Water is an essential human need without which people cannot survive and strive for growth. The case of Bolivia is an example of how privatization of water supply can result in a major backlash and political unrest. The main issue lies in the fact that the government decided to make the given segment commercialized by selling it to a for-profit organization. In other words, the process led to a gradual rise in water prices, which put a great deal of stress on Bolivian people. It directly increased the category of people living in poverty and halted economic growth because citizens started to spend more on basic needs. The given critical assessment will primarily focus on bringing a new perspective to the issue from the standpoint of political ecology.
Although traditional ecology can explain the modern issues within the environment, it does not include political factors. Therefore, political ecology is a more useful approach to Bolivia’s water crisis because they are a wide range of parties involved with an array of interests. Marginalization takes place against the ordinary people of the nation, and control occurs at the water supply level. Environmental conflict is mainly fueled by the privatization of a water-supplying organization, and subjects are impoverished masses, where political actors include the government and related entities. Therefore, these are five major elements of political ecology, which categorize and identify the key features of any environmental crisis.
Engagement
The two ideas which are the most resonant and relevant to the topic are the structure of ecology-driver conflicts and elements of political ecology. They can be applied to the issue because Bolivia’s water problem is also comprised of these notions. It is stated that political ecology includes five key components, which are political objects and actors, environmental subjects and identities, conflict and exclusion, conservation and control, and degradation and marginalization (Robbins, 2019). The latter aspect involves Bolivian citizens, where water supply is controlled. The political actor is the government, and subjects are people vulnerable due to water access limitations. The conflicts are fueled by the fact that an organization on the matter is privatized, and thus, the public demands changes.
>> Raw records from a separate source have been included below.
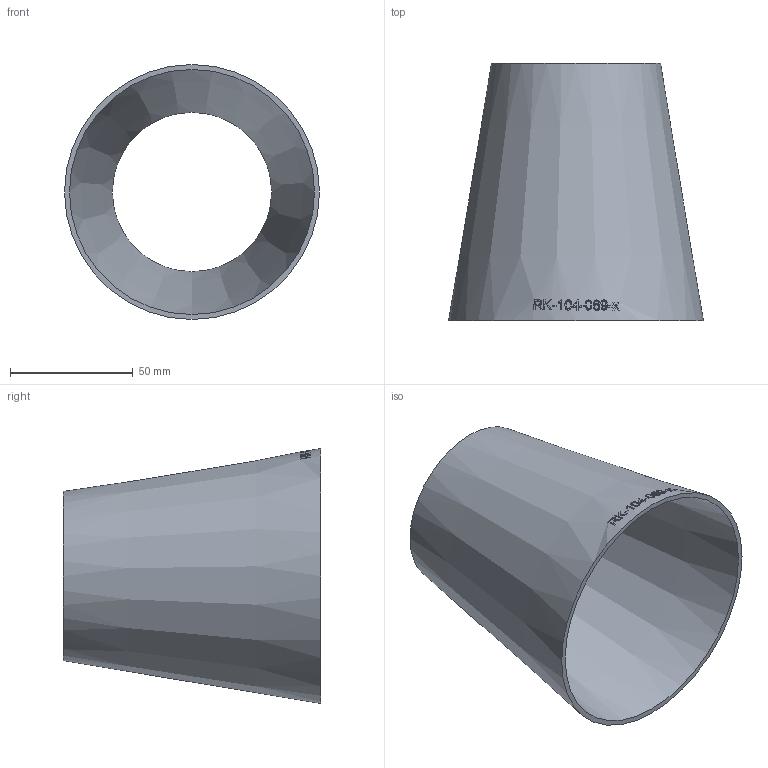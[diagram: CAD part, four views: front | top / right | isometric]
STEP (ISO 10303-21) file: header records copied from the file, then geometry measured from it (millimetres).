
FILE_DESCRIPTION (( 'STEP AP214' ), '1' );
FILE_NAME ('RK-104-069-x Reduzierung L=3(D-d) 2008.STEP', '2020-08-04T11:50:08', ( '' ), ( '' ), 'SwSTEP 2.0', 'SolidWorks 2019', '' );
FILE_SCHEMA (( 'AUTOMOTIVE_DESIGN' ));
Length unit declared in the file: millimetre
Products named in the file (1): RK-104-069-x Reduzierung L=3(D-d) 2008
Bounding box: 104 x 105 x 104 mm (x, y, z)
Volume: 56463.1 mm3; surface area: 57578.9 mm2
Topology: 1 solids, 1 shells, 151 faces, 393 edges, 262 vertices
Faces by surface type: bspline 129, cone 20, plane 2
Entity records: 18047 total; most frequent: CARTESIAN_POINT 13903, ORIENTED_EDGE 782, EDGE_CURVE 391, B_SPLINE_CURVE_WITH_KNOTS 387, VERTEX_POINT 262, EDGE_LOOP 173, ADVANCED_FACE 151, FACE_OUTER_BOUND 151
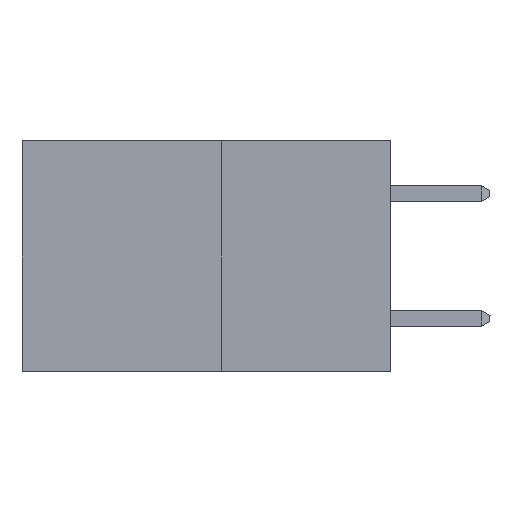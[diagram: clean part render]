
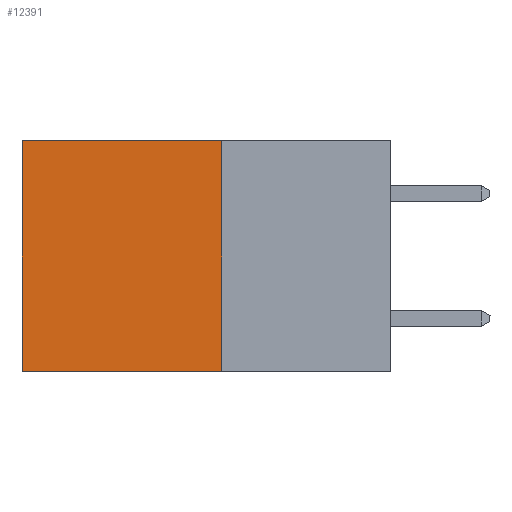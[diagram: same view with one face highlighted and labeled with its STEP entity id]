
A CAD part, left-side view. The second image highlights one B-rep face of the part: STEP entity #12391.
In plain terms, the highlighted planar face has unit normal (-1, 0, 0).
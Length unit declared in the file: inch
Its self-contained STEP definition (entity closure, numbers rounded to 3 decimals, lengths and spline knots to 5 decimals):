
#596 = EDGE_LOOP ( 'NONE', ( #11939, #6329, #19556, #3998 ) ) ;
#1182 = EDGE_CURVE ( 'NONE', #2593, #6915, #7382, .T. ) ;
#1521 = VECTOR ( 'NONE', #19413, 39.37008 ) ;
#2378 = CARTESIAN_POINT ( 'NONE',  ( 0.277, 0.27, 0. ) ) ;
#2593 = VERTEX_POINT ( 'NONE', #2378 ) ;
#2966 = CARTESIAN_POINT ( 'NONE',  ( 0.277, 0.27, 0. ) ) ;
#3998 = ORIENTED_EDGE ( 'NONE', *, *, #20971, .T. ) ;
#4079 = VECTOR ( 'NONE', #15301, 39.37008 ) ;
#4403 = CARTESIAN_POINT ( 'NONE',  ( 0.277, 0.27, -0.37 ) ) ;
#5201 = EDGE_CURVE ( 'NONE', #16333, #16537, #8846, .T. ) ;
#5696 = FACE_OUTER_BOUND ( 'NONE', #596, .T. ) ;
#6329 = ORIENTED_EDGE ( 'NONE', *, *, #24551, .F. ) ;
#6915 = VERTEX_POINT ( 'NONE', #8095 ) ;
#7382 = LINE ( 'NONE', #4403, #26470 ) ;
#7679 = DIRECTION ( 'NONE',  ( 0., 0., -1. ) ) ;
#8095 = CARTESIAN_POINT ( 'NONE',  ( 0.277, 0.27, -0.37 ) ) ;
#8336 = VECTOR ( 'NONE', #28199, 39.37008 ) ;
#8846 = LINE ( 'NONE', #22470, #1521 ) ;
#11418 = LINE ( 'NONE', #2966, #4079 ) ;
#11450 = AXIS2_PLACEMENT_3D ( 'NONE', #30676, #26134, #11924 ) ;
#11655 = CARTESIAN_POINT ( 'NONE',  ( 0.277, 0.27, -0.37 ) ) ;
#11924 = DIRECTION ( 'NONE',  ( 0., 0., -1. ) ) ;
#11939 = ORIENTED_EDGE ( 'NONE', *, *, #5201, .T. ) ;
#12391 = ADVANCED_FACE ( 'NONE', ( #5696 ), #23744, .F. ) ;
#15301 = DIRECTION ( 'NONE',  ( 0., 1., 0. ) ) ;
#16333 = VERTEX_POINT ( 'NONE', #17120 ) ;
#16537 = VERTEX_POINT ( 'NONE', #17819 ) ;
#17120 = CARTESIAN_POINT ( 'NONE',  ( 0.277, 0.59, 0. ) ) ;
#17819 = CARTESIAN_POINT ( 'NONE',  ( 0.277, 0.59, -0.37 ) ) ;
#19413 = DIRECTION ( 'NONE',  ( 0., 0., -1. ) ) ;
#19556 = ORIENTED_EDGE ( 'NONE', *, *, #1182, .F. ) ;
#20971 = EDGE_CURVE ( 'NONE', #2593, #16333, #11418, .T. ) ;
#22470 = CARTESIAN_POINT ( 'NONE',  ( 0.277, 0.59, -0.37 ) ) ;
#22581 = LINE ( 'NONE', #11655, #8336 ) ;
#23744 = PLANE ( 'NONE',  #11450 ) ;
#24551 = EDGE_CURVE ( 'NONE', #6915, #16537, #22581, .T. ) ;
#26134 = DIRECTION ( 'NONE',  ( 1., 0., 0. ) ) ;
#26470 = VECTOR ( 'NONE', #7679, 39.37008 ) ;
#28199 = DIRECTION ( 'NONE',  ( 0., 1., 0. ) ) ;
#30676 = CARTESIAN_POINT ( 'NONE',  ( 0.277, 0.27, -0.37 ) ) ;
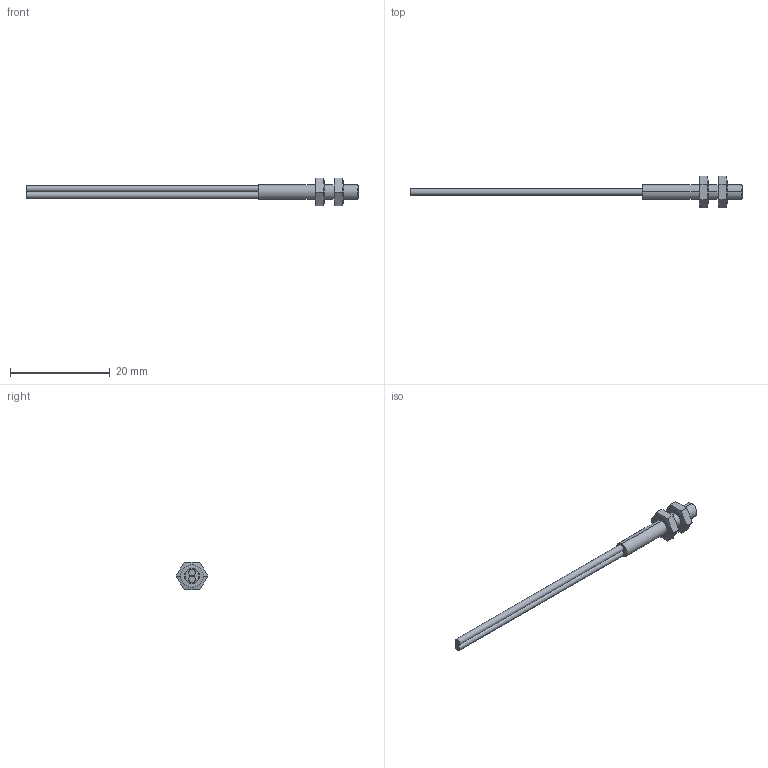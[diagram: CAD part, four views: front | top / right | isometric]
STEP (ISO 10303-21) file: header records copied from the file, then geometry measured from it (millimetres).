
FILE_DESCRIPTION (( 'STEP AP214' ), '1' );
FILE_NAME ('OPT2053.STEP', '2016-02-24T14:33:27', ( '' ), ( '' ), 'SwSTEP 2.0', 'SolidWorks 2014', '' );
FILE_SCHEMA (( 'AUTOMOTIVE_DESIGN' ));
Length unit declared in the file: inch
Products named in the file (1): OPT2053
Bounding box: 66.5 x 6.35 x 5.5 mm (x, y, z)
Volume: 331.1 mm3; surface area: 679.7 mm2
Topology: 1 solids, 1 shells, 40 faces, 87 edges, 54 vertices
Faces by surface type: plane 19, cone 12, cylinder 9
Entity records: 1173 total; most frequent: CARTESIAN_POINT 278, DIRECTION 175, ORIENTED_EDGE 174, EDGE_CURVE 87, AXIS2_PLACEMENT_3D 71, VERTEX_POINT 54, EDGE_LOOP 45, FACE_OUTER_BOUND 40
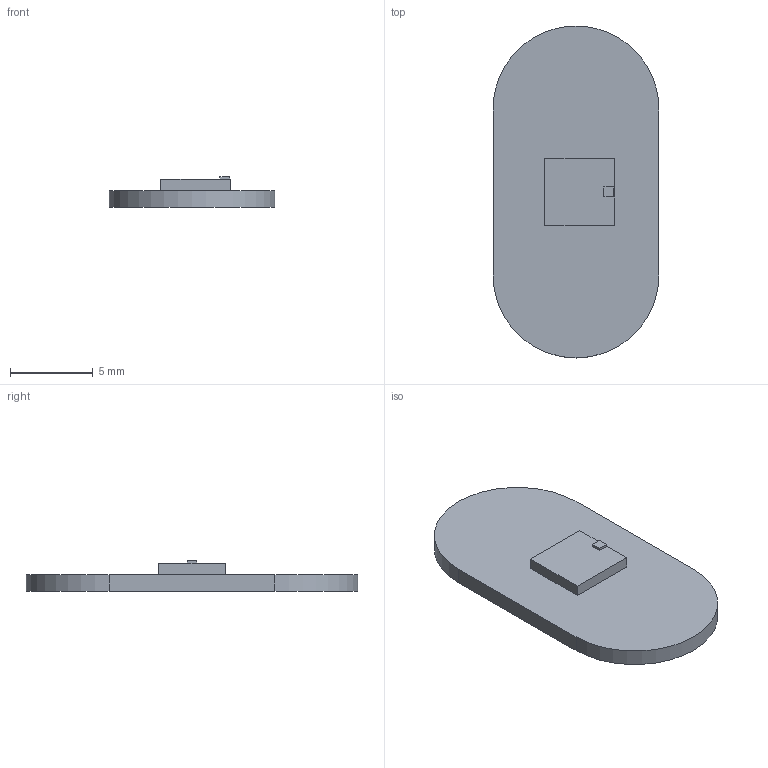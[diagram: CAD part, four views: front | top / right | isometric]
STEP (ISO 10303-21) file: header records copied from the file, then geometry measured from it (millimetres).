
FILE_DESCRIPTION(/* description */ (''),/* implementation_level */ '2;1');
FILE_NAME(/* name */ 'ledBoard v3.step',/* time_stamp */ '2023-12-28T19:34:19-08:00',/* author */ (''),/* organization */ (''),/* preprocessor_version */ 'ST-DEVELOPER v20',/* originating_system */ 'Autodesk Translation Framework v12.14.0.127',/* authorisation */ '');
FILE_SCHEMA (('AUTOMOTIVE_DESIGN { 1 0 10303 214 3 1 1 }'));
Length unit declared in the file: millimetre
Products named in the file (1): ledBoard
Bounding box: 10 x 20 x 1.84 mm (x, y, z)
Volume: 190.2 mm3; surface area: 420.2 mm2
Topology: 1 solids, 1 shells, 16 faces, 36 edges, 24 vertices
Faces by surface type: plane 14, cylinder 2
Entity records: 517 total; most frequent: CARTESIAN_POINT 77, DIRECTION 74, ORIENTED_EDGE 72, EDGE_CURVE 36, LINE 32, VECTOR 32, VERTEX_POINT 24, AXIS2_PLACEMENT_3D 21

The environmental and water crisis in Bolivia is serious and global because it is a violation of human rights. However, its emergence is associated with the economic activities of entities under the jurisdiction of the state. All states, as well as stakeholders, are forced to determine their position, actions, or inaction in relation to environmental issues. Administrative control and government regulation of the use of natural resources are only the tips of the iceberg of conflicts of interest. This causes latent conflicts, aspirations for various forms of domination, leadership, political control, and order configuration. Theoretically and institutionally, such a phenomenon as environmental policy is being formed.
Along with the emergence and development of the environmental policy of individual states, there is an understanding that a systematic comprehension of political aspects is necessary. It is important to take into account the fact that this applies to the foundations of the environmental crisis and environmental policy, where this gives rise to political ecology. Often, however, it is precisely because of the political nature that the meaning, tasks, and understanding of the content of these areas remain unclear.
The concepts of ecology and politics have a wide variety of interpretations, are combined mechanically, and the result of their combination does not give new content. Building environmental policies on random grounds make them ineffective at best. Much more often, in the worst case, one person records the pressure of a political nature, both from external and internal structures. In this case, any vague environmental policies are used to their advantage. On the one hand, the threats and risks of a human-made nature, the load on the environment make the ecological crisis a global one. On the other hand, the global problem of the environmental concern is considered from the point of view of numerous actors with a different resource, institutional and communication bases. The art of political analysis is precisely in the ability to identify the unity of the particular and universal in the content of the problem.
In each era, the confrontation of political forces, expressing the essential contradiction of the period, seeks to end with the victory and supremacy of one of the parties to this conflict. Ideologically, this is interpreted as a struggle for the power of progressive forces against the forces of reaction. At the same time, the historical result of the battle between the parties is the resolution, the removal of contradictions. The structure and the liberation of society emerge from both this type of contradictions and their carriers. The essence of politics lies in the civilizational ethical contradiction, the content of which is the struggle of the polis civilization on the borders of the ancient world against barbarism. Political ecology is an example of opposition to a moral will that is born out of principle, which does not recognize identity as the morality of a public person. Political unities are divided into civilized and barbaric, and within agreements, people are divided into free and marginalized on a moral basis.
Reference
Robbins, P. (2019). Political ecology: A critical introduction (3rd ed.). Wiley-Blackwell.